Assuming that we still want to leave this in trunk and NOT backport to 3.4/
Comment 20 Mark Martinec 2017-04-11 10:36:13 UTC
> Assuming that we still want to leave this in trunk and NOT backport to 3.4/

Yes, I think these changes are too heavyweight for a minor release.


[ but it's also true that I would not like to run 3.4 now at our site
  in production (with a reasonably fresh version of perl), as the
  4.0(=trunk) is better behaved and has been better tested (by me),
  compared to 3.4 with multiple lightly tested backports ]
Comment 21 Kevin A. McGrail 2017-04-11 11:54:51 UTC
Understood.  My plan is not to backport the full IDN stuff.
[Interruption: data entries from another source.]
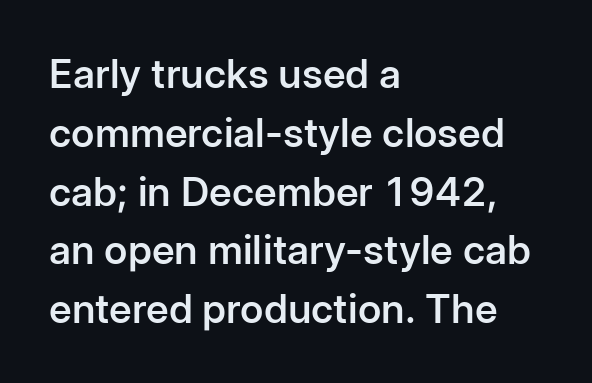
Q: Is the text bold? A: Semi-bold.
Q: Is the text italic (slanted)? A: No, it is upright.
Q: Is the typeface a serif or a sans-serif typeface? A: Sans-serif.
Q: Is the text underlined? A: No.
Q: How is the paragraph aligned? A: Left-aligned.
Q: Is the spacing between letters normal or unusually wide? A: Normal.
Q: Is the spacing between lines tight, normal or loose? A: Normal.
Q: Width (condensed, normal, or wide)? A: Normal.
Q: Stroke contrast? A: Low.
Q: x-height? A: Medium.
Q: Monospaced? A: No.

I will have a few more bugs backported and then that will be 3.4.2.

Then perhaps we get 4.0 (3.5?) moving since these major changes have been tested in production.

I can switch to the same version too for testing.
Comment 22 Kevin A. McGrail 2018-08-28 03:01:44 UTC
Continuing to target this for 4.0.  Working hard to produce our last (hopefully) 3.4.2 release.
Comment 23 Henrik Krohns 2022-03-06 12:48:00 UTC
Isn't all this committed to trunk ages ago? Everything works fine as I understand. Closing.